Cooling-water heat exchangers are one of the most common services on any industrial site, and they are also one of the most common places where a thermal calculation that looks fine on paper is undone by the cooling-water system itself. Pick the wrong supply temperature for the worst case of the year and the exchanger does not meet duty in summer. Pick too tight an approach and the area swells, and the exchanger may still be limited by the water-side velocity or pressure drop. Ignore the water quality and the fouling resistance you assumed at design time is wrong within months. Preliminary sizing for cooling-water service is mostly about making the right assumptions explicit before any detailed thermal-hydraulic design or vendor rating begins.

Formula

Heat duty (sensible)
Q = ṁ × Cp × ΔT
Cooling-water flow from duty and temperature rise
ṁ_cw = Q / (Cp_cw × ΔT_cw)
Log mean temperature difference (counter-current)
ΔTₘ = (ΔT₁ − ΔT₂) / ln(ΔT₁ / ΔT₂)
Heat transfer area
A = Q / (U_dirty × F × ΔTₘ)
Approach temperature
Approach = T_process,out − T_cw,in

Units involved

  • Q — heat duty in kW, W, or BTU/h
  • ṁ — mass flow rate in kg/s, kg/h, or lb/h
  • Cp — specific heat capacity in J/(kg·K) or BTU/(lb·°F); cooling water ≈ 4.18 kJ/(kg·K)
  • ΔT_cw — cooling-water temperature rise in K, °C, or °F
  • U — overall heat transfer coefficient in W/(m²·K) or BTU/(h·ft²·°F)
  • ΔTₘ — log mean temperature difference in K, °C, or °F
  • A — heat transfer area in m² or ft²
  • Approach — minimum temperature difference between streams, in K, °C, or °F

Worked example

Preliminary sizing for a cooling-water exchanger to cool 8 kg/s of a process liquid (Cp ≈ 3.2 kJ/(kg·K)) from 70 °C to 40 °C. Cooling water is available at a worst-case summer supply temperature of 32 °C with a target temperature rise of 8 °C (return at 40 °C).
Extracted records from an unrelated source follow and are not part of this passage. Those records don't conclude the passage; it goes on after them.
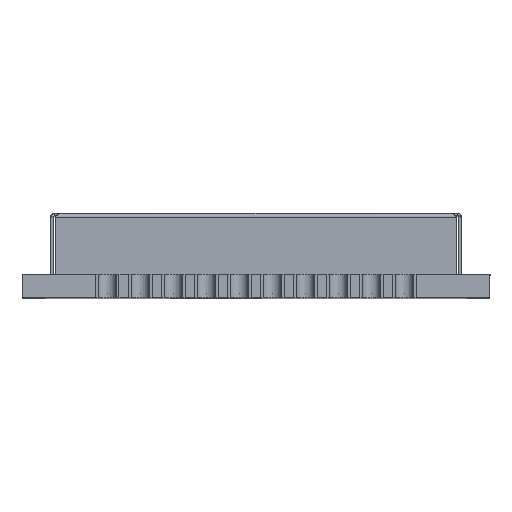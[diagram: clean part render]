
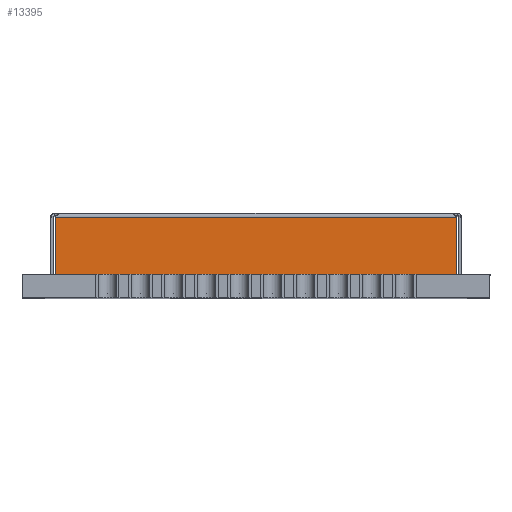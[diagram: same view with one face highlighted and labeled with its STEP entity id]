
A CAD part, top view. The second image highlights one B-rep face of the part: STEP entity #13395.
In plain terms, the highlighted planar face has unit normal (0, 0, 1).
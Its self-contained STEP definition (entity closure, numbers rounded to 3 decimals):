
#769=FACE_OUTER_BOUND('',#1510,.T.);
#1510=EDGE_LOOP('',(#10023,#10024,#10025,#10026));
#2658=LINE('',#19808,#4374);
#2665=LINE('',#19862,#4381);
#2667=LINE('',#19866,#4383);
#2668=LINE('',#19867,#4384);
#4374=VECTOR('',#16116,1000.);
#4381=VECTOR('',#16133,1000.);
#4383=VECTOR('',#16137,1000.);
#4384=VECTOR('',#16138,1000.);
#5935=VERTEX_POINT('',#19805);
#5936=VERTEX_POINT('',#19807);
#5946=VERTEX_POINT('',#19861);
#5947=VERTEX_POINT('',#19865);
#7440=EDGE_CURVE('',#5936,#5935,#2658,.T.);
#7453=EDGE_CURVE('',#5946,#5936,#2665,.T.);
#7455=EDGE_CURVE('',#5947,#5935,#2667,.T.);
#7456=EDGE_CURVE('',#5946,#5947,#2668,.T.);
#10023=ORIENTED_EDGE('',*,*,#7440,.T.);
#10024=ORIENTED_EDGE('',*,*,#7455,.F.);
#10025=ORIENTED_EDGE('',*,*,#7456,.F.);
#10026=ORIENTED_EDGE('',*,*,#7453,.T.);
#12745=PLANE('',#14261);
#13395=ADVANCED_FACE('',(#769),#12745,.T.);
#14261=AXIS2_PLACEMENT_3D('',#19864,#16135,#16136);
#16116=DIRECTION('',(-1.,0.,0.));
#16133=DIRECTION('',(0.,1.,0.));
#16135=DIRECTION('center_axis',(0.,0.,
1.));
#16136=DIRECTION('ref_axis',(0.,-1.,0.));
#16137=DIRECTION('',(0.,1.,0.));
#16138=DIRECTION('',(-1.,0.,0.));
#19805=CARTESIAN_POINT('',(-7.729,3.1,11.75));
#19807=CARTESIAN_POINT('',(7.729,3.1,11.75));
#19808=CARTESIAN_POINT('',(0.,3.1,11.75));
#19861=CARTESIAN_POINT('',(7.729,0.9,11.75));
#19862=CARTESIAN_POINT('',(7.729,0.,11.75));
#19864=CARTESIAN_POINT('Origin',(0.,0.,
11.75));
#19865=CARTESIAN_POINT('',(-7.729,0.9,11.75));
#19866=CARTESIAN_POINT('',(-7.729,3.15,11.75));
#19867=CARTESIAN_POINT('',(-7.9,0.9,11.75));
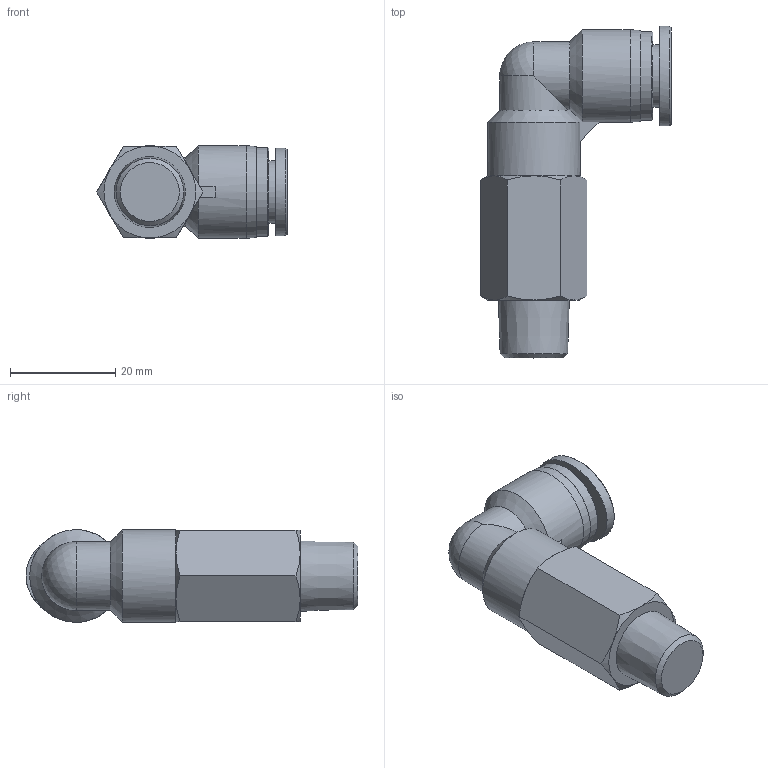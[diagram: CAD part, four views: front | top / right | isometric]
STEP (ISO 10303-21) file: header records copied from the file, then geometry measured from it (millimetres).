
FILE_DESCRIPTION((''),'2;1');
FILE_NAME('PLL 3_8-N02U.stp','2016-10-17T13:32:50',('Administrator'),(''),'Autodesk Inventor 2013','Autodesk Inventor 2013','');
FILE_SCHEMA(('CONFIG_CONTROL_DESIGN'));
Length unit declared in the file: millimetre
Products named in the file (4): PLL 3_8-N02U; NL N3_8 BODY; NLL 3_8-NPT1_4 BODY; SLEEVE N3_8L
Assembly tree (3 placements, depth 2):
  PLL 3_8-N02U
    NL N3_8 BODY
    NLL 3_8-NPT1_4 BODY
    SLEEVE N3_8L
Bounding box: 36.18 x 63.1 x 17.6 mm (x, y, z)
Volume: 15072.6 mm3; surface area: 6315 mm2
Topology: 3 solids, 3 shells, 53 faces, 109 edges, 66 vertices
Faces by surface type: plane 23, cone 19, cylinder 8, bspline 2, sphere 1
Full cylindrical faces by diameter (mm): 9.75 x2, 11.9 x1, 16.9 x1, 17.6 x2
Entity records: 1508 total; most frequent: CARTESIAN_POINT 393, DIRECTION 223, ORIENTED_EDGE 192, AXIS2_PLACEMENT_3D 99, EDGE_CURVE 96, EDGE_LOOP 71, VERTEX_POINT 65, FACE_OUTER_BOUND 53
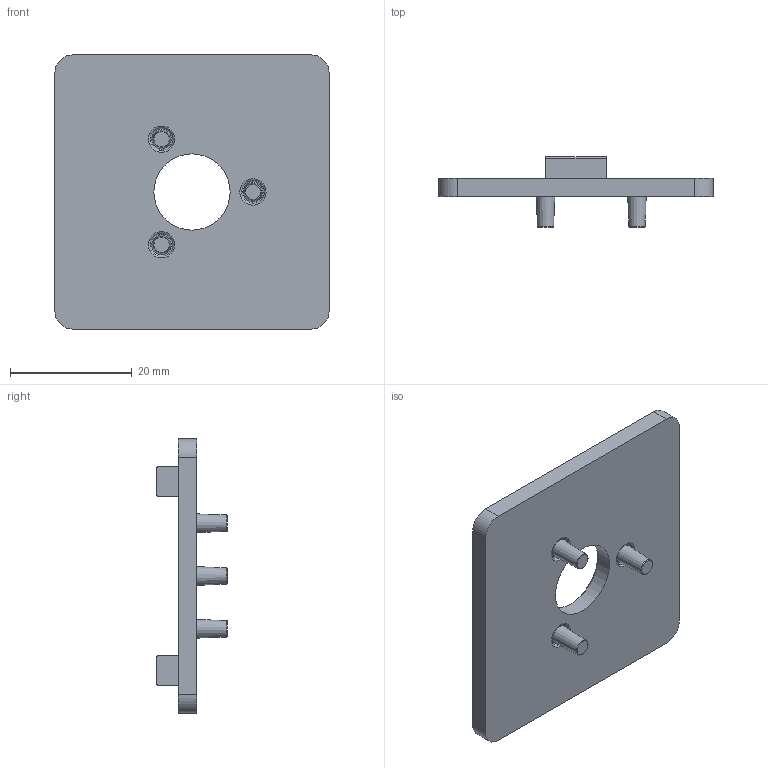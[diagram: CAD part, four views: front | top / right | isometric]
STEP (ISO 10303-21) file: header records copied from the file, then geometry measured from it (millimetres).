
FILE_DESCRIPTION(/* description */ ('STEP AP214'),/* implementation_level */ '2;1');
FILE_NAME(/* name */ '098FA45N10',/* time_stamp */ '2022-09-13T09:41:44+02:00',/* author */ ('License CC BY-ND 4.0'),/* organization */ ('CADENAS'),/* preprocessor_version */ 'ST-DEVELOPER v18.102',/* originating_system */ 'PARTsolutions',/* authorisation */ ' ');
FILE_SCHEMA (('AUTOMOTIVE_DESIGN {1 0 10303 214 3 1 1}'));
Length unit declared in the file: millimetre
Products named in the file (1): 098FA45N10
Bounding box: 45 x 11.5 x 45 mm (x, y, z)
Volume: 6123.3 mm3; surface area: 4783.8 mm2
Topology: 1 solids, 1 shells, 50 faces, 111 edges, 71 vertices
Faces by surface type: plane 22, torus 15, cylinder 9, cone 4
Full cylindrical faces by diameter (mm): 12.5 x1
Entity records: 1284 total; most frequent: DIRECTION 232, CARTESIAN_POINT 205, ORIENTED_EDGE 174, AXIS2_PLACEMENT_3D 94, EDGE_CURVE 87, EDGE_LOOP 80, FACE_BOUND 80, VERTEX_POINT 67

Counter-current shell-and-tube with U_dirty estimated at 850 W/(m²·K) for moderate fouling. Apply 20% design margin.

  1. 01Q = 8 × 3200 × (70 − 40) = 768,000 W = 768 kW
  2. 02ṁ_cw = 768,000 / (4180 × 8) = 23.0 kg/s
  3. 03ΔT₁ = 70 − 40 = 30 °C (hot end)
  4. 04ΔT₂ = 40 − 32 = 8 °C (cold end; equals the approach)
  5. 05LMTD = (30 − 8) / ln(30/8) = 22 / 1.322 = 16.6 °C
  6. 06A = 768,000 / (850 × 1 × 16.6) = 54.5 m²
  7. 07A_design = 54.5 × 1.20 = 65.4 m²
Result

Required area ≈ 65 m² with 20% design margin. The 8 °C approach is achievable but tight — confirm cooling-water supply temperature in summer and water-side velocity limits before fixing the area.

Common mistakes

  • Designing for an annual-average cooling-water supply temperature instead of the worst-case (summer) supply — the exchanger needs to meet duty when the water is hottest.
  • Picking a cooling-water temperature rise that the site cooling tower or once-through system cannot deliver — typical closed-loop ΔT_cw is 5–10 °C, but the actual limit depends on the site utility design.
  • Specifying an approach temperature that drives the area to be very large — typical closed-loop cooling-water approaches are 5–10 °C; tighter approaches dramatically increase area.
  • Using a clean U-value for cooling water — fouling resistance for cooling water depends strongly on water quality and treatment. Use a published fouling resistance and confirm with the water-treatment scope.
  • Ignoring tube-side velocity limits — cooling water on the tube side typically needs to be 1.0–2.5 m/s to limit fouling without erosion; too low encourages deposition, too high erodes the tubes.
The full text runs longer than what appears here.